Servillo L, Iorio E L, Quagliuolo L, Camussi G, Balestrieri C, Giovane A
Dipartimento di Biochimica e Biofisica, II Università degli Studi di Napoli, Italy.
J Chromatogr B Biomed Sci Appl. 1997 Feb 21;689(2):281-6. doi: 10.1016/s0378-4347(96)00319-2.

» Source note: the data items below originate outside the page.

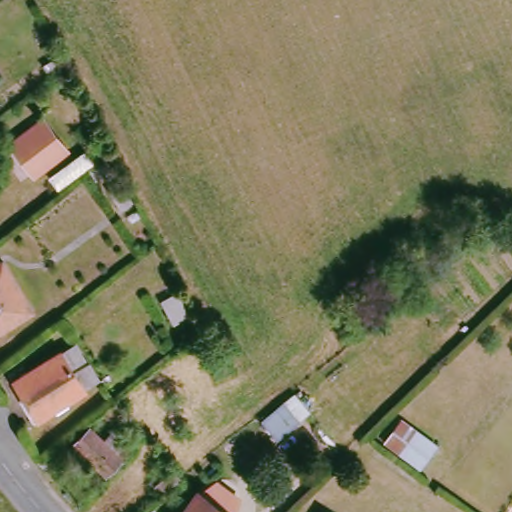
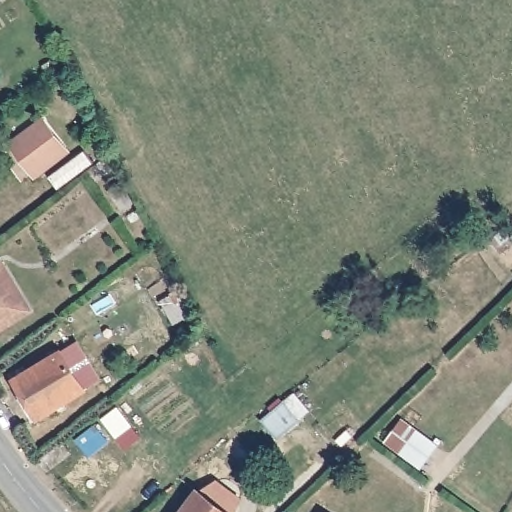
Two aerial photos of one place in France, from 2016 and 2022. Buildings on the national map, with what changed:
unchanged [(67,74),(50,82),(43,69),(60,60),(67,74)]
unchanged [(45,125),(65,155),(35,175),(15,145),(45,125)]
unchanged [(120,167),(96,185),(88,174),(114,155),(120,167)]
unchanged [(0,335),(0,271),(10,265),(37,316),(0,335)]
unchanged [(93,385),(45,415),(23,376),(69,348),(93,385)]
unchanged [(290,395),(312,417),(282,445),(260,422),(290,395)]
unchanged [(437,445),(420,469),(384,442),(401,418),(437,445)]
unchanged [(110,445),(120,436),(130,448),(105,470),(74,438),(90,423),(110,445)]
unchanged [(185,481),(164,498),(150,480),(171,462),(185,481)]
unchanged [(202,495),(225,512),(189,512),(202,495)]

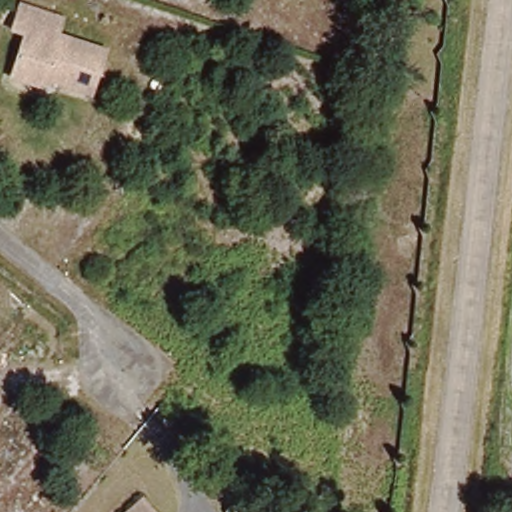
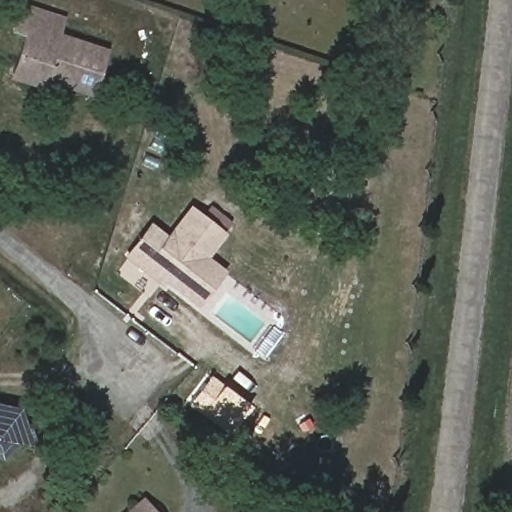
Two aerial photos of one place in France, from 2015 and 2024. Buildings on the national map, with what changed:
unchanged [(44,81),(42,88),(13,79),(28,37),(16,34),(24,8),(64,21),(59,37),(107,53),(93,96),(44,81)]
new [(168,235),(192,205),(229,233),(210,257),(228,271),(196,312),(124,257),(151,222),(168,235)]
new [(15,442),(0,457),(0,404),(19,408),(31,446),(15,442)]
unchanged [(110,512),(136,489),(154,512),(110,512)]

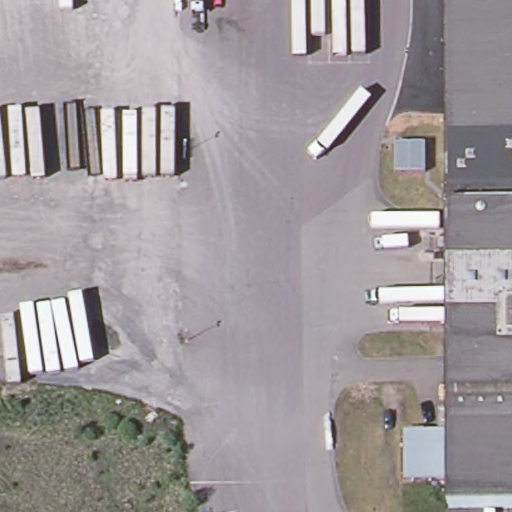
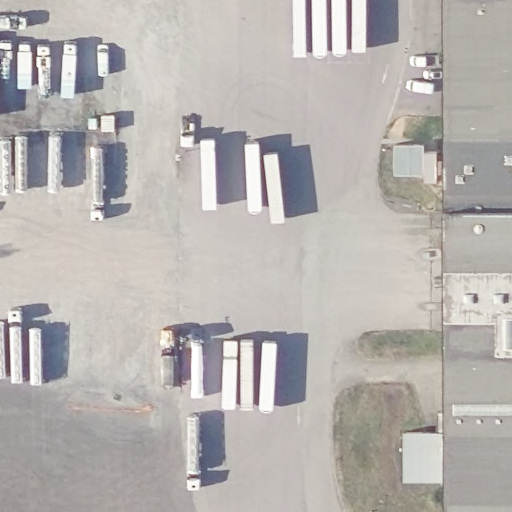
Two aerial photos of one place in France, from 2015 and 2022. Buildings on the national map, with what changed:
unchanged [(455,0),(512,0),(512,507),(452,507),(455,0)]

A high-performance liquid chromatography (HPLC) procedure for the separation of choline lysophospholipids including 1-acyl-lysophosphatidylcholines and 1-O-alkyl-lysophosphatidyl- cholines, like the lysoform of the platelet activating factor (2-lysoPAF), is described. The lysophospholipids are derivatized at the sn-2 position of the hydroxyl group by 7-diethylaminocoumarin-3-carbonylazide, which converts them into the corresponding carbamoyl derivatives. The derivatized compounds were well separated by reversed-phase HPLC and quantified by fluorimetric detection. This method shows a high sensitivity and allows the separation and quantification of mixtures of lysophospholipids at picomolar level. The method was applied to assay enzyme activities, like phospholipase A2 and PAF-acetylhydrolase, on single phospholipids or their mixtures.

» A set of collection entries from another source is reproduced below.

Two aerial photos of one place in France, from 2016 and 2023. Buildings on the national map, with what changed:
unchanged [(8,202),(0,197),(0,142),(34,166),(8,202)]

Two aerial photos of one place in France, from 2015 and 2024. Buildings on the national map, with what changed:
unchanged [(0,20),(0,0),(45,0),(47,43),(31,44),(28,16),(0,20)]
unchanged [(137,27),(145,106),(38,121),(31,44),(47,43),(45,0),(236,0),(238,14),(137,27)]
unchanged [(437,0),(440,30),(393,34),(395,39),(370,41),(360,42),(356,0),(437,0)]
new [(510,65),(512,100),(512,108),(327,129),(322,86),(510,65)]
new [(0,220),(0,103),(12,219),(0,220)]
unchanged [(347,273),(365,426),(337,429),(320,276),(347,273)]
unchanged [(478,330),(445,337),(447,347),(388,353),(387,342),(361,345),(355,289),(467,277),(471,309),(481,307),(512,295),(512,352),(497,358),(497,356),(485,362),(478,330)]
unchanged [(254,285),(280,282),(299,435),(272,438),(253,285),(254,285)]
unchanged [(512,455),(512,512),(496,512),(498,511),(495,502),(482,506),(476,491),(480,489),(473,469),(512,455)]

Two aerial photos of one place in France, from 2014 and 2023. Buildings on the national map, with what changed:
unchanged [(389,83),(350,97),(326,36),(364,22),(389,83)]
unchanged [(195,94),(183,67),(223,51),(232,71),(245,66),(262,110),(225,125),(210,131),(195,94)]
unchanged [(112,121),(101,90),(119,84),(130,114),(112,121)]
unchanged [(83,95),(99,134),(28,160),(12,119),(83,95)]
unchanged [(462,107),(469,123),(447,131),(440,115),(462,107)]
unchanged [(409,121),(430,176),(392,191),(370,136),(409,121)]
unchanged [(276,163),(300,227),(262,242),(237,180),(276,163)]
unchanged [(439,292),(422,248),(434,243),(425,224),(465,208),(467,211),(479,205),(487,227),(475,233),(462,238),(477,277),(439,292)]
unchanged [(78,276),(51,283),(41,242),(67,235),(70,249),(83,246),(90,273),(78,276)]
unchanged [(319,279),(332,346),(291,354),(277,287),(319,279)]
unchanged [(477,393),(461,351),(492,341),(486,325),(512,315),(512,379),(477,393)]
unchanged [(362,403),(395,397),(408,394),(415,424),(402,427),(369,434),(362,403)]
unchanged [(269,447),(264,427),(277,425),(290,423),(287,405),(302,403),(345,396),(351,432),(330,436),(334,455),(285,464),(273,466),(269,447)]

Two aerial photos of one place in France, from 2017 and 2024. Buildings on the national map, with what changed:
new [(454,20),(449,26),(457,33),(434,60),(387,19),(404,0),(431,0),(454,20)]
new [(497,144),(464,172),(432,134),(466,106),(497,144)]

本文描述了一种高效液相色谱(HPLC)方法,用于分离胆碱溶血磷脂,包括1-酰基溶血磷脂酰胆碱和1-O-烷基溶血磷脂酰胆碱,如血小板活化因子的溶血形式(2-溶血PAF)。溶血磷脂在羟基的sn-2位通过7-二乙氨基香豆素-3-羰基叠氮化物进行衍生化,将其转化为相应的氨基甲酰基衍生物。衍生化后的化合物通过反相HPLC得到良好分离,并通过荧光检测进行定量。该方法具有高灵敏度,能够在皮摩尔水平上分离和定量溶血磷脂混合物。该方法被应用于测定单一磷脂或其混合物上的酶活性,如磷脂酶A2和PAF-乙酰水解酶。